Era la primera vez que intuía algo de su futuro y, aunque estaba desgajado por dentro y los ojos de Triana quemando sus entrañas, le hacía ilusión acercarse a la capital de España. Allí también llegó un día Manolo Caracol y triunfó. ¿Por qué no le iba a pasar eso a Puntito Chiquito? Alguna vez la suerte se quedaría con Paquito y así podría hablar largo y tendido de los misterios de la vida, cantar hondo, sin prisas ni miedos para aliviar penas y lejanías, y convertir definitivamente el flamenco es una forma de vivir.

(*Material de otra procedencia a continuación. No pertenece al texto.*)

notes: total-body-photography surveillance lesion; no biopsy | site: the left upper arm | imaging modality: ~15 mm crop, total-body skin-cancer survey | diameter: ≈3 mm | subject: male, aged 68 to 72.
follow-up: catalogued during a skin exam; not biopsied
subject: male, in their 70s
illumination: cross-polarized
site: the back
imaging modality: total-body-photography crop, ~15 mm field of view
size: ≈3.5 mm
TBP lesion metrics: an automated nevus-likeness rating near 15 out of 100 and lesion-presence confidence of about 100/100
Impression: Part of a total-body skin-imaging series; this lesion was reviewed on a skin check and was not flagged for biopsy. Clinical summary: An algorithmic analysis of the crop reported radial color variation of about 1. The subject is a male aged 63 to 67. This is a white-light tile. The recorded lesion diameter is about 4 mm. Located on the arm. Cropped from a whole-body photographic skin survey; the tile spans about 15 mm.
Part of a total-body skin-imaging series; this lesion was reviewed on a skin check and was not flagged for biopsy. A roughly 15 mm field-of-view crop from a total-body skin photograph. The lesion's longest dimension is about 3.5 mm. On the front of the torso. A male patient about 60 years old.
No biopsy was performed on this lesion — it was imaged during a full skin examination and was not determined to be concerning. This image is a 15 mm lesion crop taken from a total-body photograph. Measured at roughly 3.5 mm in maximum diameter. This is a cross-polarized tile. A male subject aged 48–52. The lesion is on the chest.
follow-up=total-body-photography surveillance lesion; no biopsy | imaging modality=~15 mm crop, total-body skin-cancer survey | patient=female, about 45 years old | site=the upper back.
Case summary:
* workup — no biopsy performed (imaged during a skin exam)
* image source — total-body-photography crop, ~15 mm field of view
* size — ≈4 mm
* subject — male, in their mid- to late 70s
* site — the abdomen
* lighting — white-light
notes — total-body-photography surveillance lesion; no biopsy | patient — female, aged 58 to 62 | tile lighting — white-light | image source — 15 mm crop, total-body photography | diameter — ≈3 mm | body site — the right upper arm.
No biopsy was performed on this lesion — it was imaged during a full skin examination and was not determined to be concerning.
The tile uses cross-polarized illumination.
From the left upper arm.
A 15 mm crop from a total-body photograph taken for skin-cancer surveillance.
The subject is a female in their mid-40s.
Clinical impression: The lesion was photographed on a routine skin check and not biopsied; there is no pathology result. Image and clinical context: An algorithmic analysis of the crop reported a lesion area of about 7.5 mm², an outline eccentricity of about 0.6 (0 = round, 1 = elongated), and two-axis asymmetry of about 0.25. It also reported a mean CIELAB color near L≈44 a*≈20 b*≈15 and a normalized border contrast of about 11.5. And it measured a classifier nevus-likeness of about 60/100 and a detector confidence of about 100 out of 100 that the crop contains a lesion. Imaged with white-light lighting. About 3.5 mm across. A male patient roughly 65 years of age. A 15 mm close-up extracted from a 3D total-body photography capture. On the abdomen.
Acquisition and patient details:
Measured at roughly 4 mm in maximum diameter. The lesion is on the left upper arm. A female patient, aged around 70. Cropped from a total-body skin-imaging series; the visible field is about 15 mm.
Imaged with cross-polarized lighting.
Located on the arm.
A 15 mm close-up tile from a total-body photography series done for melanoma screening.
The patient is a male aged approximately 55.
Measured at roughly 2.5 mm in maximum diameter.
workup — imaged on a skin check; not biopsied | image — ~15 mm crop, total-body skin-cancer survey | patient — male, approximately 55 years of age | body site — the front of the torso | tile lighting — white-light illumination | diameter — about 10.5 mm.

La vía brillaba con los rayos del sol, era como la plata de su mar gaditano, pensó Paquito mientras fumaba. Al volver la cabeza, la escena seguía siendo bellísima: unas suaves colinas plagadas de olivos se despedían del sur en el que había transcurrido hasta ahora su vida… Y como siempre hacía cuando la emoción le subía a la boca, se puso a cantar su flamenquito hondo. Tan concentrado estaba en los versos que surgían de la garganta que no oyó que el tren arrancaba, ni el maquinista vio a un hombre diminuto a un lado de la vía; las ruedas pasaron por encima de una voz que desgarraba en ese momento un sentimiento.
Una pasión quedó aplastada por el chucuchú del tren. El cuerpo de Puntito Chiquito quedó tendido sobre el acero plata, tan plata como el mar gaditano.
Dentro, en el tren, la mujer gorda, tanto como las vacas del tío Rufo, había callado. Para estar más cómoda tiró un bulto que estaba en el asiento de al lado; era la vida de Paquito envuelta en un atillo.
Ya no habría más estaciones para Puntito Chiquito; ésta había sido la última.
Él, que ahora creía intuir un futuro…

En algún coche del tren alguien canta un fandanguillo, una bulería, un tango…, qué más da, pero la letra dice así: “En el tren va mi futuro/ ya llega mi suerte maestro/ ya llega montá en un tren/ vestidita de plata y ojitos negros como mi Triana”
-Es la voz de un ruiseñor. ¿Quién canta?, ¿sabe usted?-pregunta la señora gorda a otra que está más seca que la mojama.
-Tal vez un ángel, señora, que dejó sus alas rotas en la vía de un tren.

4 comentarios:

calamanda dijo...

Aquí donde vivo te dirían ¡Ole
por ti!...tremendo relato,tengo que
decirte que antes de leer que
Paquito iba camino de Cádiz, yo ya
me lo imaginaba en un tabanco de
El Puerto de Santa María, Chipiona,
Sanlúcar de Barrameda...pueblos que
yo conozco bastante bien, pero
hubiera mencionado primero a Jerez,
no lo he hecho porque el mar queda a 11 Km.

Se te echaba de menos.

Un fuerte abrazo.

Tengo la mala suerte de que mi blog
no se actualiza.

Juan Escribano Valero dijo...

Hola María de los Ángeles: Tremendo relato me ha dejado tan triste que no se si podre conciliar el sueño bien, de todos modos me ha gustado como siempre.
Un abrazo

Albino dijo...

Has escrito nuna historia entre sentimental y trágica. No se si habrá muchos Paquitos por el mondo. Lo más probable es que si, pero ninguno tendrá una biógrafa como tu.
Enhorabuena, Maria Angeles, por tu buen hacer en este campo de la literatura que es narrar una vida dificil con un final en el que se mezcla lo tragico de la muerte y posiblemente lo positivo de la reureccion. Porque Paquito volverá.
Un beso

JAVIER dijo...

Vaya que buen relato, lleva su poquito de tristeza pero tambien una gran carga de reflexión... Mejor no pudo quedarte.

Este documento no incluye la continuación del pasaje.